Withholding tax is an income tax payable mainly by foreign residents on the dividend, interest or royalty (DIR) income they derive paid mainly to them by Australian residents.
The person deriving the DIR (i.e. the DIR recipient) is the person liable to pay Withholding Tax.
Under the Pay As You Go (PAYG) withholding regime in Schedule 1 to the Taxation Administration Act 1953 ('TAA 1953') the payer of the DIR income 'collects' the amount needed to cover the recipient's withholding tax liability by retaining (withholding) the tax amount and then remitting the withheld amount to the Australian Taxation Office (ATO) on the recipient's behalf, as a credit against the recipient's liability.
The tax is calculated as a percentage of the gross DIR income amount (i.e. no expense deductions are allowed in calculating the tax): for non-treaty countries the percentages are 30% on dividends and royalties; 10% on interest.
Withholding tax is a 'final' tax. It is imposed under the Income Tax (Dividends, Interest and Royalties Withholding Tax) Act 1974 on 'outbound' income and is ascertained under section128B 11A of the Income Tax Assessment Act 1936 ('ITAA 1936').
Many exemptions from withholding tax exist, e.g. for fully franked dividends (and the franked part of a partly franked dividend), for interest paid on widely held debentures and for interest derived by a foreign resident in carrying on business in Australia at or through a permanent establishment (an Australian branch office for example).
DIR income to which withholding tax applies (and some DIR income expressly exempted from withholding tax) is generally rendered 'non-assessable' and 'non-exempt' income, meaning it is not included in the calculation of the recipient's 'taxable income', hence not included in an Income Tax Return, and does not form part of any income tax 'assessment'.
Withholding tax is due and payable at the expiration of 21 days after the end of the month in which the DIR recipient derived the DIR income. However, when a DIR payer withholds an amount the DIR recipient is automatically credited that amount against their Withholding Tax liability, regardless whether the DIR payer remits the withheld amount to the ATO or not.

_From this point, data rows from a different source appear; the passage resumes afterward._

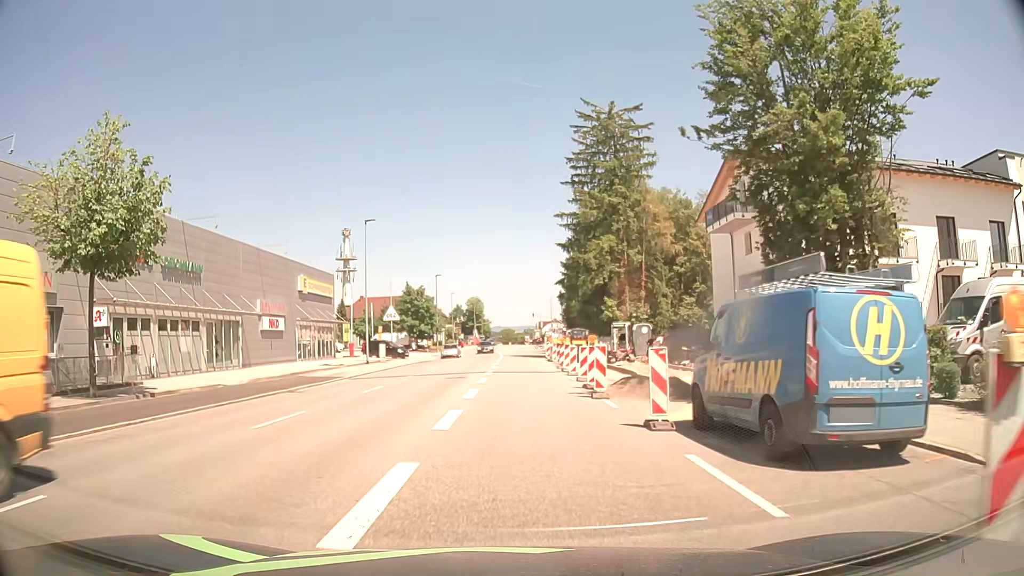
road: tertiary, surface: asphalt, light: Day
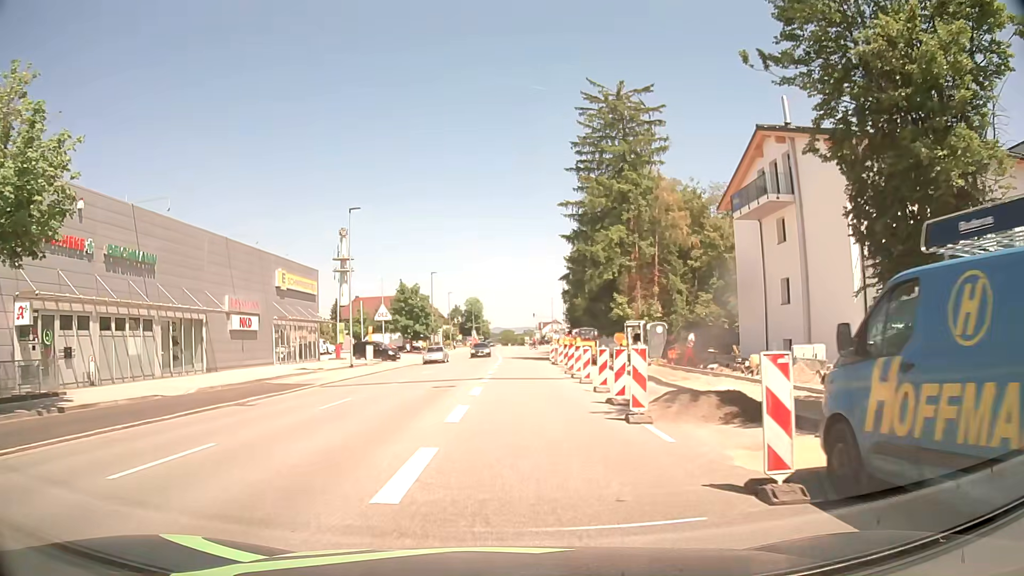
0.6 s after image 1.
(0.0, +4.8) m; 0°
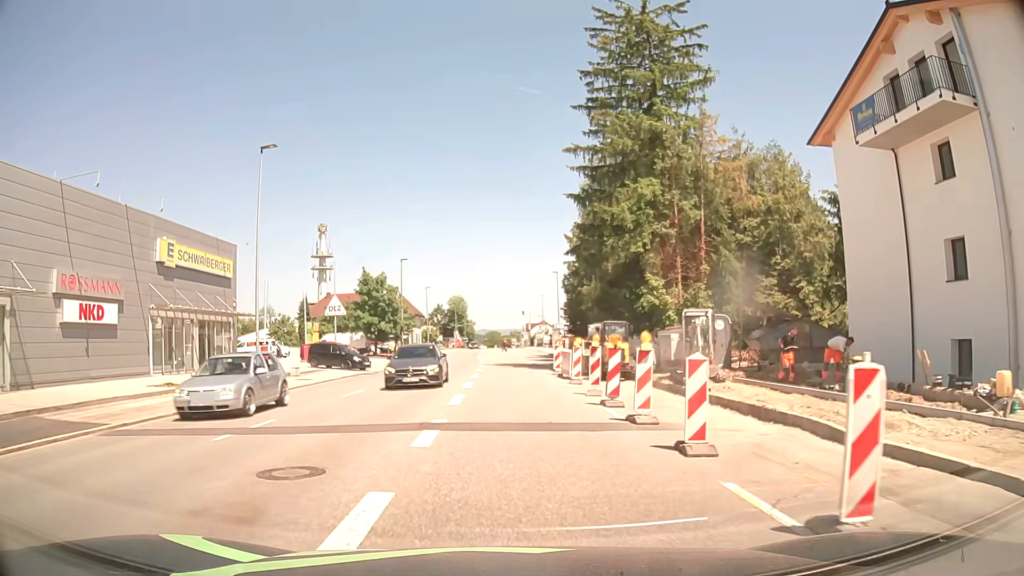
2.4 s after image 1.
(0.0, +14.7) m; +1°
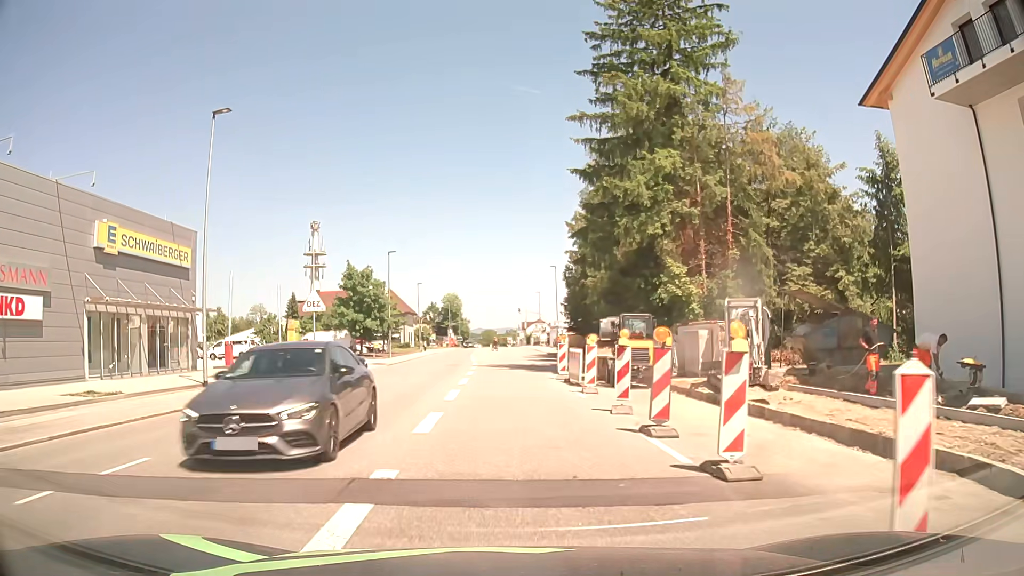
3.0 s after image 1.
(0.0, +5.0) m; 0°
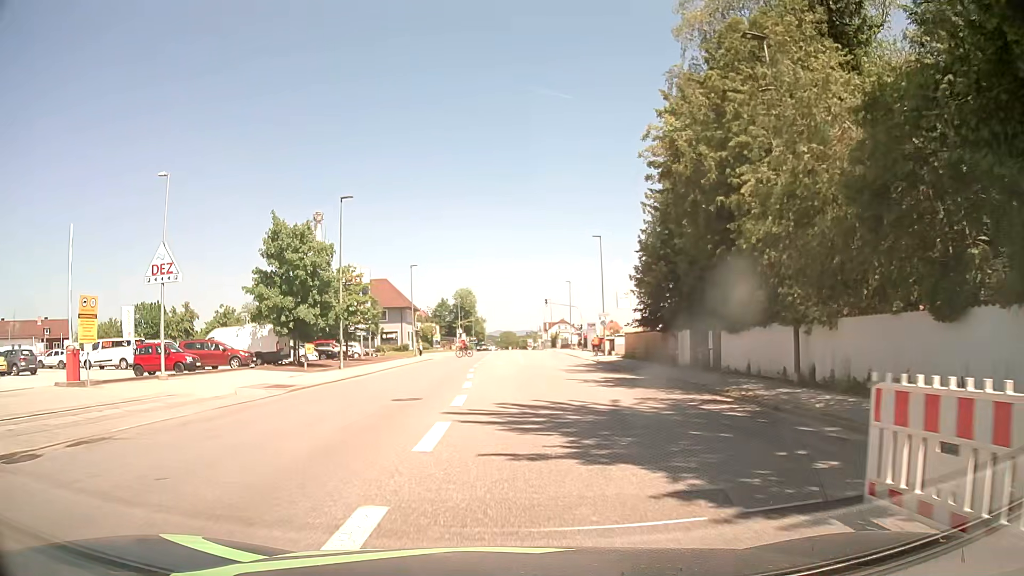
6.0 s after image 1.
(-0.5, +25.7) m; -2°
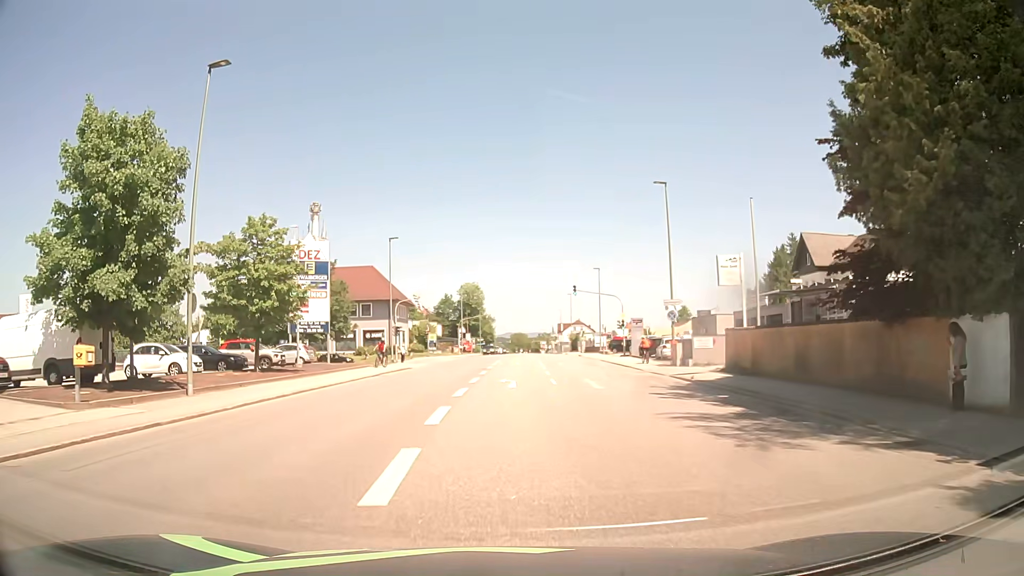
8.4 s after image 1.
(-0.3, +20.9) m; -1°
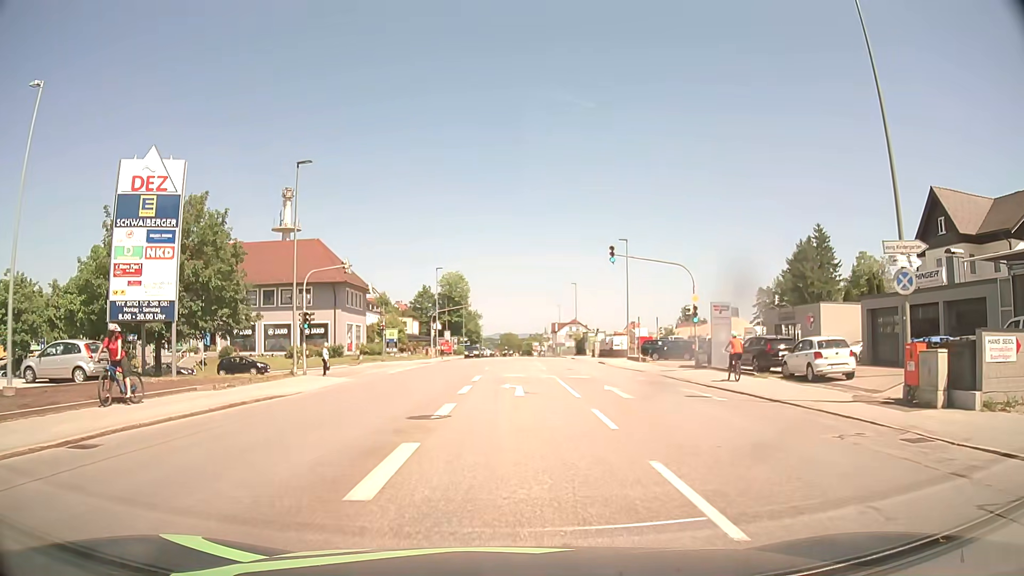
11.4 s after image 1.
(+0.2, +23.7) m; +1°
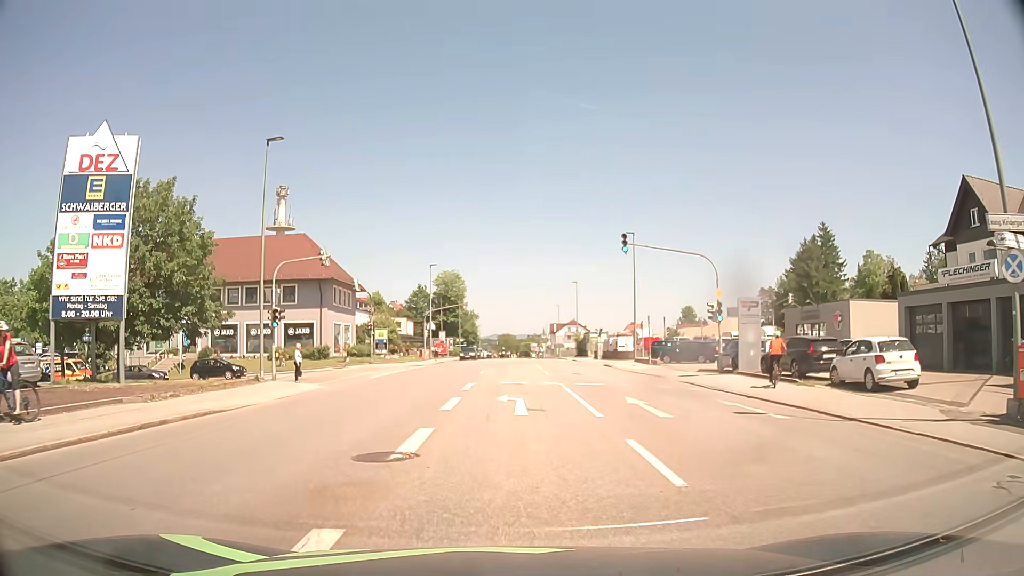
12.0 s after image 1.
(0.0, +4.1) m; 0°

If the DIR payer fails to withhold, the DIR recipient is still liable to the ATO for the underlying Withholding Tax. The Withholding Tax is due and payable at the expiration of 21 days after the end of the month in which the DIR recipient derived the DIR.
A payer's obligation to withhold from interest or a royalty subsists even if the income is not actually paid over to the recipient but is reinvested, accumulated, capitalized, carried to any reserve, sinking fund or insurance fund however designated, or otherwise dealt with on behalf of the recipient or as the recipient directs. Examples include interest due and payable but capitalized on a loan that is rolled over for a further term, and royalties payable monthly but held over until year's end.

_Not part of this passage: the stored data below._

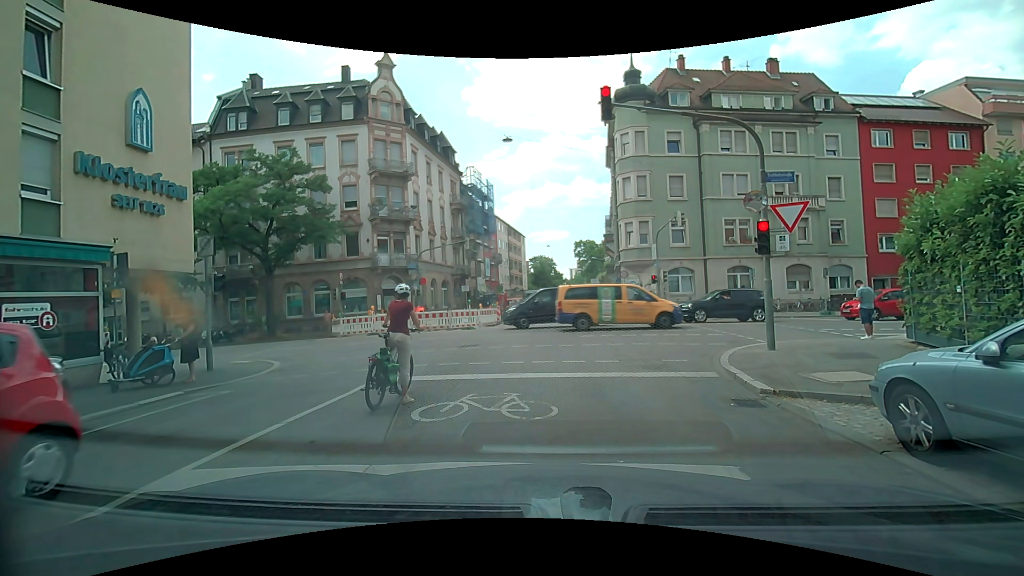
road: residential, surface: asphalt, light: Day
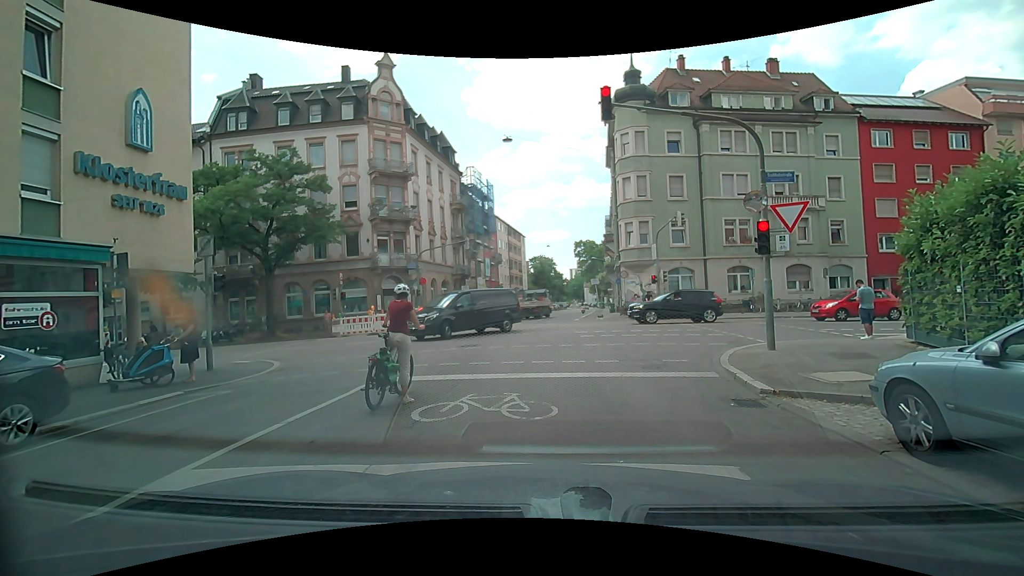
(0.0, 0.0) m; 0°
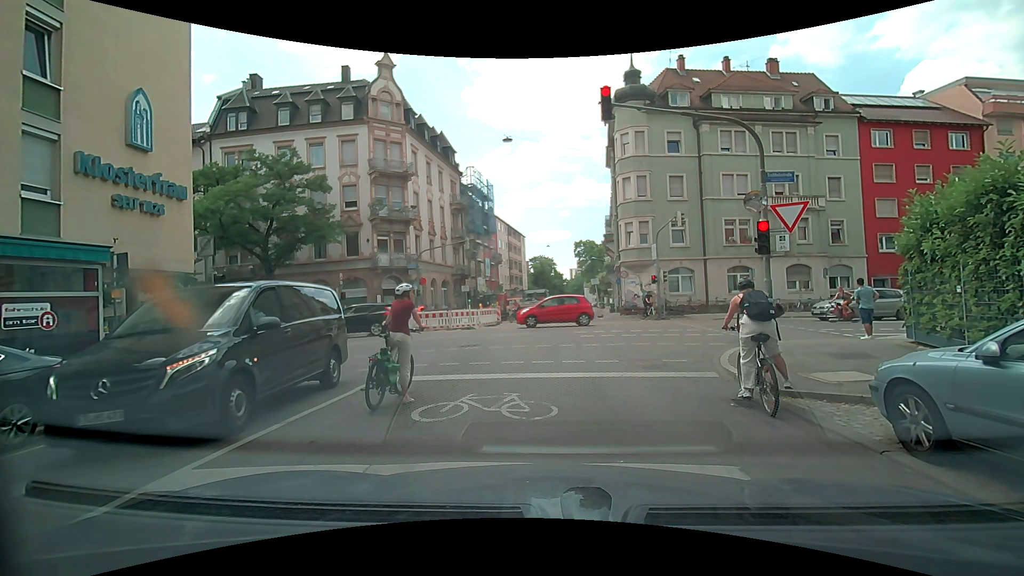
(0.0, 0.0) m; 0°
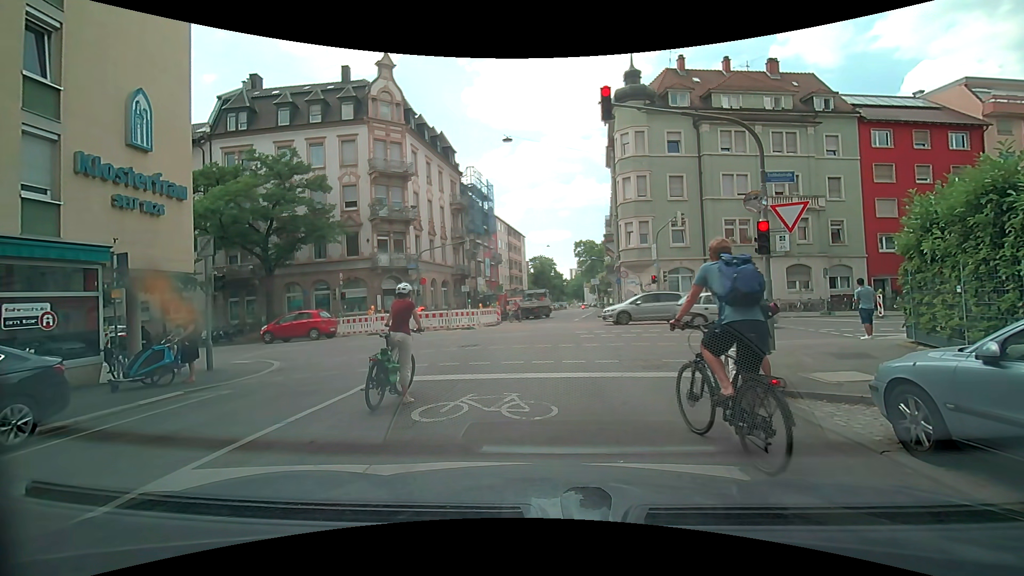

A person is deemed to have received an amount of ordinary income as soon as it is applied or dealt with in any way on the person's behalf or as it directs.
The PAYG rules require a DIR payer to withhold from a payment if according to the payer's records relating to the DIR transaction the shareholder or other recipient has an address outside Australia. An entity in Australia receiving a DIR payment on behalf of a foreign resident must also withhold (TAA 1953 Sch 1 Subdivision 12-F).
As you are a non-resident, the income you receive from the project is non-assessable, non-exempt income; the project is not being carried on for a taxable purpose. Accordingly, you are not entitled to a deduction for expenses incurred in conducting a feasibility study.